What the exercise asks
Give back all the records below, unaltered.

Stored items
# # # # #

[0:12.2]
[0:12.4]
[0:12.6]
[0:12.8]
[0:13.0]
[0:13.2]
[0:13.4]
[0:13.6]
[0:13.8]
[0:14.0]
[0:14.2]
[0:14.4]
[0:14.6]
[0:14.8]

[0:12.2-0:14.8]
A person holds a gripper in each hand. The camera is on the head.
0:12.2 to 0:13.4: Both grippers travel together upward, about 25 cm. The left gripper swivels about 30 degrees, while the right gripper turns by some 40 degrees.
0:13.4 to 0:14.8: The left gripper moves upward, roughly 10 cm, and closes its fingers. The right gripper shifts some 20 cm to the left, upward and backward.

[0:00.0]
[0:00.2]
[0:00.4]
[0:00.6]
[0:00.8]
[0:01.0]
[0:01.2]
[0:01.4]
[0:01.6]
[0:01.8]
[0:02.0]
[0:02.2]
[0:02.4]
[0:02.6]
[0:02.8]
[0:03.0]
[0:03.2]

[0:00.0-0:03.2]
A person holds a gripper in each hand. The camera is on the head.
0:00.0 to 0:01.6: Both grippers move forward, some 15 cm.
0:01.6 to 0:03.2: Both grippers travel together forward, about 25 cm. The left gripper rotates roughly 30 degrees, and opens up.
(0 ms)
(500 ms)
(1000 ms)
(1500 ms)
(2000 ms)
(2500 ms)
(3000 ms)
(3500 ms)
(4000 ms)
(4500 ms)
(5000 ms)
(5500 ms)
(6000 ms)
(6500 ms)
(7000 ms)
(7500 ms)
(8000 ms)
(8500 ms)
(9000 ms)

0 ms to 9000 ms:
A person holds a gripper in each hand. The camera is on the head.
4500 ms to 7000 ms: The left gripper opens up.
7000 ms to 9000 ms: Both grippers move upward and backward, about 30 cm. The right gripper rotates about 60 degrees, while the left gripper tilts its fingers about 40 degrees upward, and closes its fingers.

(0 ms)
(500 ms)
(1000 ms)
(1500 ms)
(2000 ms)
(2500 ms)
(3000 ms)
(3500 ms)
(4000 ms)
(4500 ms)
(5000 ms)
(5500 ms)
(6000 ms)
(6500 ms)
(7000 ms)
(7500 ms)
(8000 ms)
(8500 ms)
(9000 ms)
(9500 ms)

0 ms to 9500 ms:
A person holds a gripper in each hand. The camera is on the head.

# # # # #

Answer section
[0:12.2]
[0:12.4]
[0:12.6]
[0:12.8]
[0:13.0]
[0:13.2]
[0:13.4]
[0:13.6]
[0:13.8]
[0:14.0]
[0:14.2]
[0:14.4]
[0:14.6]
[0:14.8]

[0:12.2-0:14.8]
A person holds a gripper in each hand. The camera is on the head.
0:12.2 to 0:13.4: Both grippers travel together upward, about 25 cm. The left gripper swivels about 30 degrees, while the right gripper turns by some 40 degrees.
0:13.4 to 0:14.8: The left gripper moves upward, roughly 10 cm, and closes its fingers. The right gripper shifts some 20 cm to the left, upward and backward.

[0:00.0]
[0:00.2]
[0:00.4]
[0:00.6]
[0:00.8]
[0:01.0]
[0:01.2]
[0:01.4]
[0:01.6]
[0:01.8]
[0:02.0]
[0:02.2]
[0:02.4]
[0:02.6]
[0:02.8]
[0:03.0]
[0:03.2]

[0:00.0-0:03.2]
A person holds a gripper in each hand. The camera is on the head.
0:00.0 to 0:01.6: Both grippers move forward, some 15 cm.
0:01.6 to 0:03.2: Both grippers travel together forward, about 25 cm. The left gripper rotates roughly 30 degrees, and opens up.
(0 ms)
(500 ms)
(1000 ms)
(1500 ms)
(2000 ms)
(2500 ms)
(3000 ms)
(3500 ms)
(4000 ms)
(4500 ms)
(5000 ms)
(5500 ms)
(6000 ms)
(6500 ms)
(7000 ms)
(7500 ms)
(8000 ms)
(8500 ms)
(9000 ms)

0 ms to 9000 ms:
A person holds a gripper in each hand. The camera is on the head.
4500 ms to 7000 ms: The left gripper opens up.
7000 ms to 9000 ms: Both grippers move upward and backward, about 30 cm. The right gripper rotates about 60 degrees, while the left gripper tilts its fingers about 40 degrees upward, and closes its fingers.

(0 ms)
(500 ms)
(1000 ms)
(1500 ms)
(2000 ms)
(2500 ms)
(3000 ms)
(3500 ms)
(4000 ms)
(4500 ms)
(5000 ms)
(5500 ms)
(6000 ms)
(6500 ms)
(7000 ms)
(7500 ms)
(8000 ms)
(8500 ms)
(9000 ms)
(9500 ms)

0 ms to 9500 ms:
A person holds a gripper in each hand. The camera is on the head.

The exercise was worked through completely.